(Dataset excerpts)
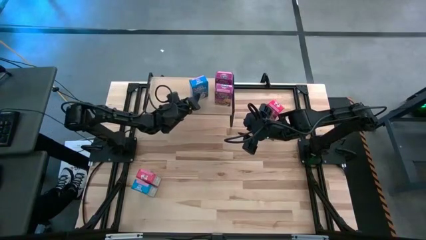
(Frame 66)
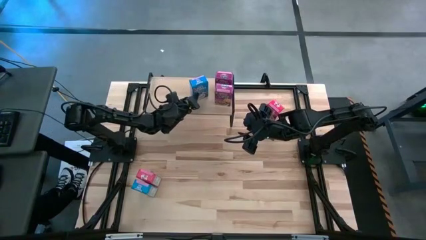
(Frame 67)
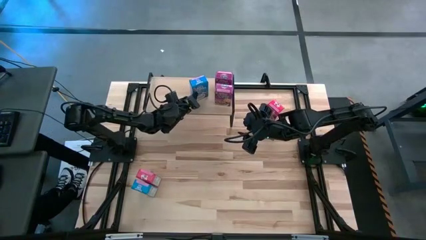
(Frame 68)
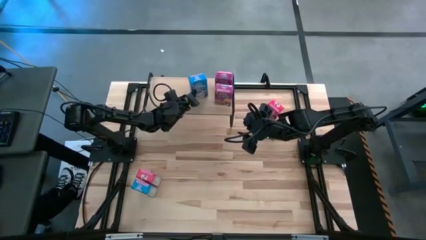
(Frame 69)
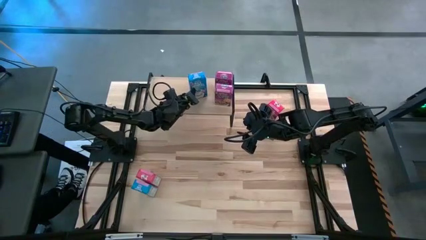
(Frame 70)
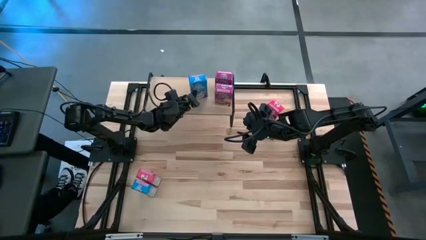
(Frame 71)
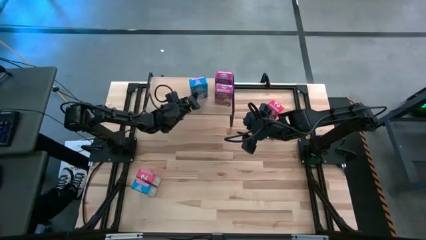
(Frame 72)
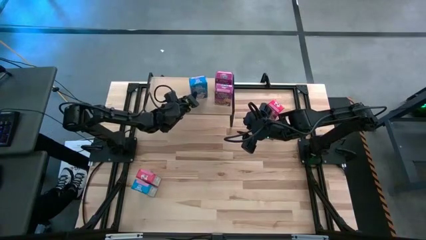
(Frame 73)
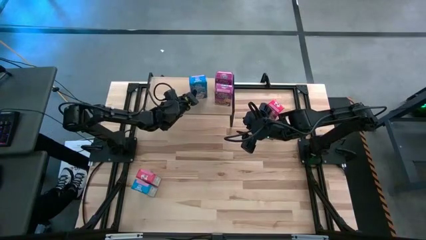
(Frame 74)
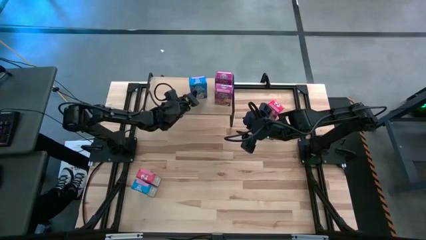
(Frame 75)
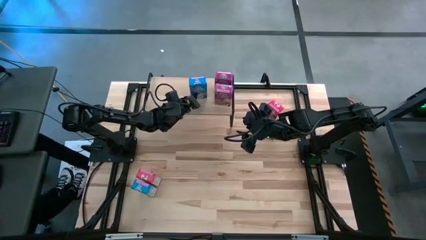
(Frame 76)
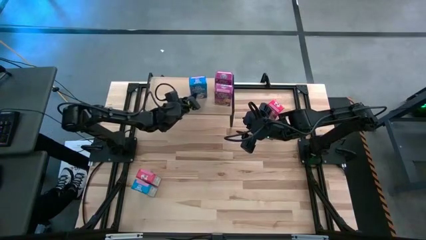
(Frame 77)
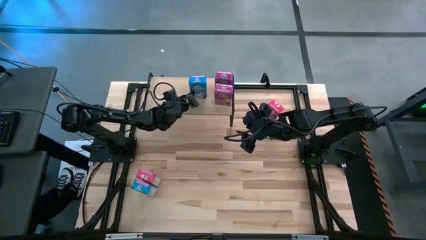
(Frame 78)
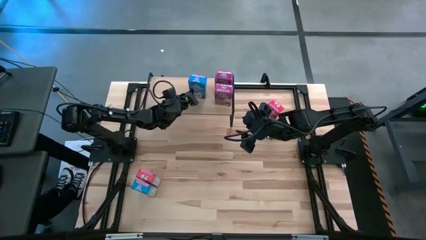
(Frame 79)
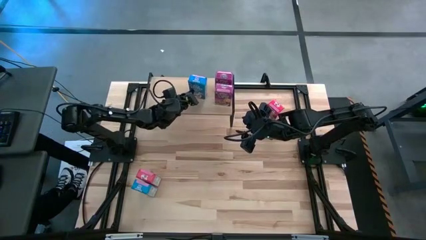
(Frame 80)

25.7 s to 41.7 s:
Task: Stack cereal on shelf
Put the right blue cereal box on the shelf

WHAT THIS TASK INVOLVES: All entries above are to be restated exactly, with every image omitted.

EXERCISE ANSWER:
(Frame 66)
(Frame 67)
(Frame 68)
(Frame 69)
(Frame 70)
(Frame 71)
(Frame 72)
(Frame 73)
(Frame 74)
(Frame 75)
(Frame 76)
(Frame 77)
(Frame 78)
(Frame 79)
(Frame 80)

25.7 s to 41.7 s:
Task: Stack cereal on shelf
Put the right blue cereal box on the shelf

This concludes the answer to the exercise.